4342:06F8 loc_0_6F8:
4342:06F8                 cmp     word ptr ds:17D4h, 5
4342:06FD                 jz      loc_0_702
4342:06FF                 jmp     loc_0_79F
4342:0702 
4342:0702 loc_0_702:
4342:0702                 mov     di, [bp+6]
4342:0705                 les     di, ss:[di-106h]
4342:070A                 mov     ax, es:[di+15Eh]   <- So we must have some
4342:070F                 mov     dx, es:[di+160h]   <- data at this loc
4342:0714                 call    far ptr 1708h:170Bh

We land in line 702 when we read the 5th block. Lines 70A/70F retrieves data
from the key-file, to pass it to the call. Line 714 derives AX,BX,DX from
this CRC. We have the same call when we get the decrypted 2nd CRC.
This is how i understood what is going on:
i've inserted 11111111 in CRC location, just not to leave it 00, then i run
the prog. All went ok until it starts to check terminat.exe, showing
the progress bar in the screen. At this point the prog seems to enter in an
endless loop, and don't stop. The terminat.exe checking routine is at
4342:E31. So i started to trace thru it. Finally i found near the end of it
a series of conditional jump, all referring, in case of no success, to routine
restart. So the routine does its checks, and then relies on others memory
data to decide if to enter in an endless loop. If CRC is not good, at line
4B40:1B47 we have no jump, and we get lost. The jump can occur only if AX is
not F494. So i traced back until 4B40:1703 where we have AX setted to F494.
Just before this line we have a conditional jump, that obviously don't occur.
4B40:1701 jumps only if AL < 91, and at 16EA we have MOV AX,[BP-3A].
[BP-3A] get setted in 4B40:14ED with MOV AX,[BP+0C]
[BP+0C] derives directly from parameter passing from the main call
(This back tracing process is hard to follow in theory, but can be easily done
in 5 minutes using breakpointing on memory in the live approach)
So we are back to the main routine:
PUSH WORD PTR SS:[DI+FEE4] is where this data is passed (some lines before
the call at 4342:E31)
Location [DI+FEE4] is setted at 4342:DE9. Some lines above we have
4342:DC4        JMP DF8
This is a jump after the DE9 setting, so this could be interesting. This
unconditional jump belongs to a code block referenced by a conditional
jump at D43 (JZ D7D), and this conditional jump occur only if before the
call BX is equal to SI. BX is derived from the call at 4342:C3A (that generates
it using the 2nd crypted CRC) and adding 28h (the call at 4342:D27).
SI derives from the 3rd CRC and is generated at 4342:714 (see above code).

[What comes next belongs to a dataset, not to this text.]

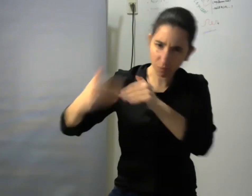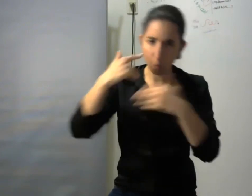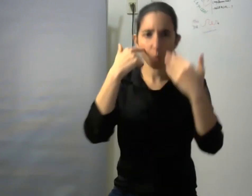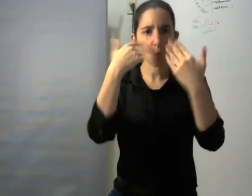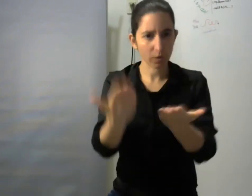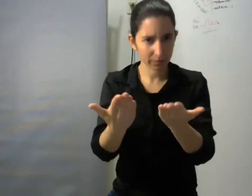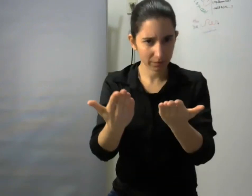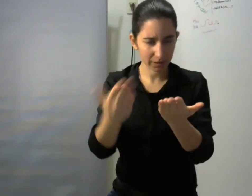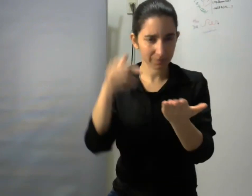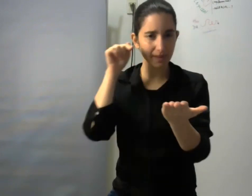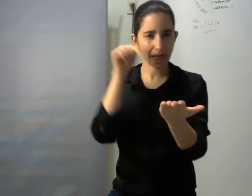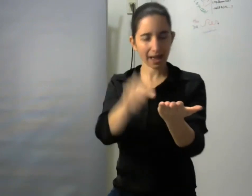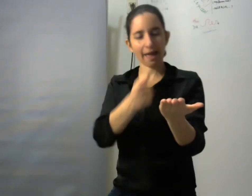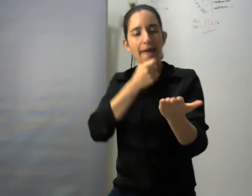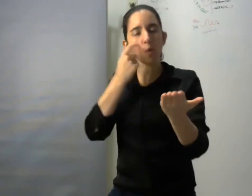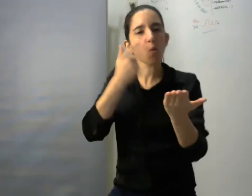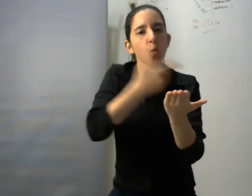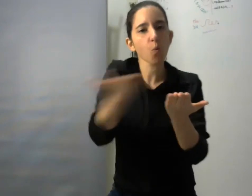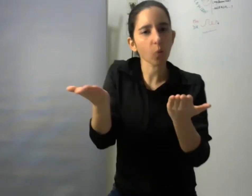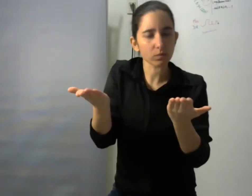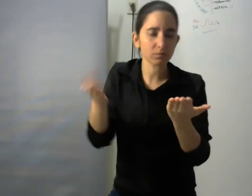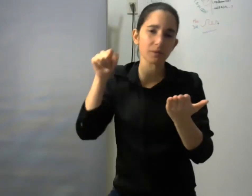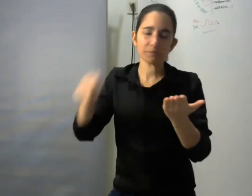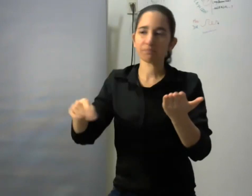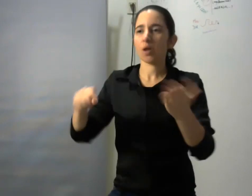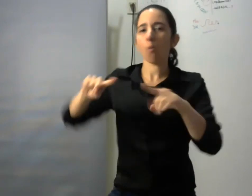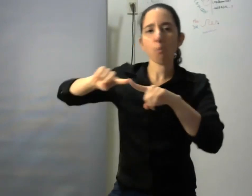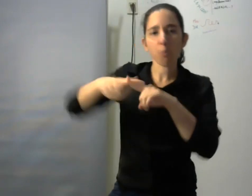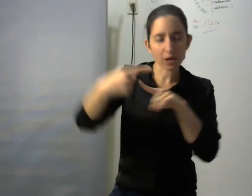sirve de modelo sirve de ejemplo sirve de memoria de lo que se hizo

Routines called at 4342:714 and 4342:C3A are the same, so to have the exactly
same number derived from either two CRC they must be equal. But we have an
adding after the second call, so to be equal, BX from the first CRC must be
the 2nd CRC BX+28h. At this point we have to trace how AX,BX and DX are
generated by a CRC. I'll save you this tracing (you are tired enough of
reading); BX is the first word from the CRC (the one at offset 6E6 of
terminat.key) added to itself 2 times (this depends on the second word - and
so we obtain CRC_word1 * 4): so if we must have BX greater than the 2nd one
of 28h, we have to add 28h/4 (0Ah) to the first word of CRC.

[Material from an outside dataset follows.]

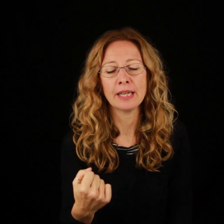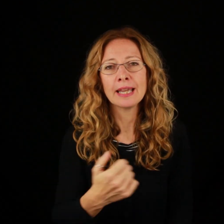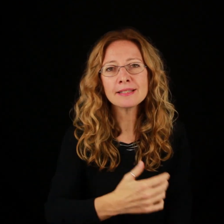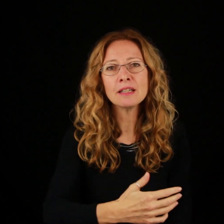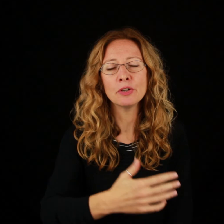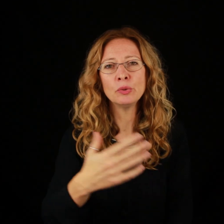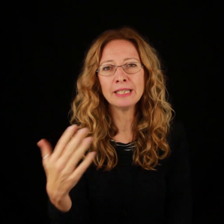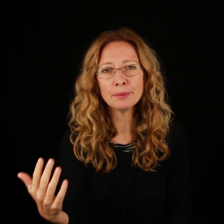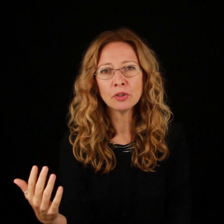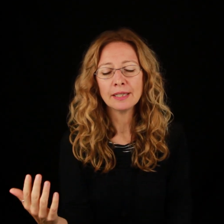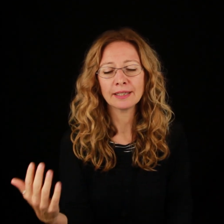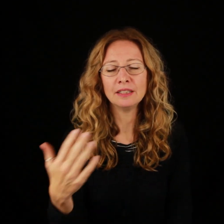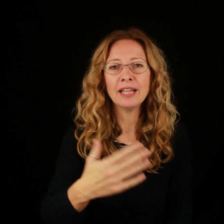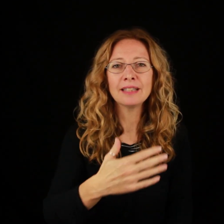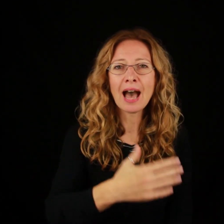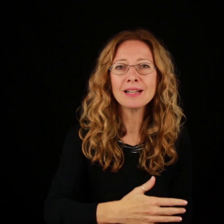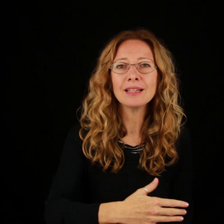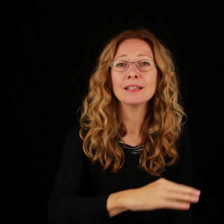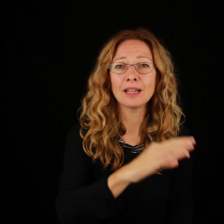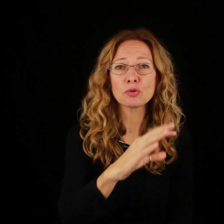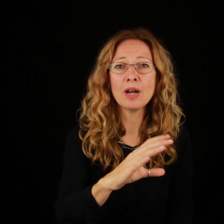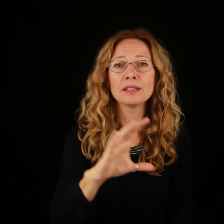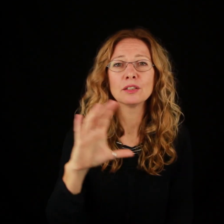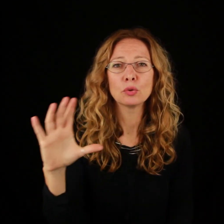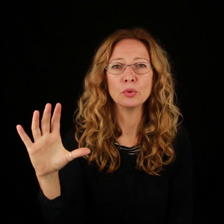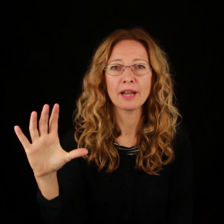e scrive un libro che diventa anche la sua cura.

Hence the 3rd CRC must be:
first word is equal to the second-CRC first word + 0Ah
the second word is equal to the second-CRC second word.
(The 3rd CRC is ok even if we subtract 0Ah, cause another routine will
do the same job to the 2nd CRC to obtain BX==SI. But adding 0Ah is the first
i've found, so i used this one)

A LAST NOTE
In the Strainer it's required to design a technique to assure the key will
be valid in future versions of Terminate. In my approach, i got no problem
about valid key checking. This is due to the fact i generated at first a
completely nulled key. I discovered only later, doing tracing tests, what
are bytes checked to see if a key is valid or invalid (offset 574h of the
key and following). But i continued to ignore them, cause if they don't
exist, the program will accept the key.
I really don't know if in this way i generated an everlasting key, or a key
that will be no more valid. However i tried my keys with Terminate 4.0 too,
and they worked... The fact is that the program simply checks to see if some
bytes are different, not equal, so we cannot have the original pattern; and
in the next version (if the encryption system and CRC checking is still the
same - i believe very unlikely at this point) author can introduce a new
byte checking that works with an original key, but not with a cracked one...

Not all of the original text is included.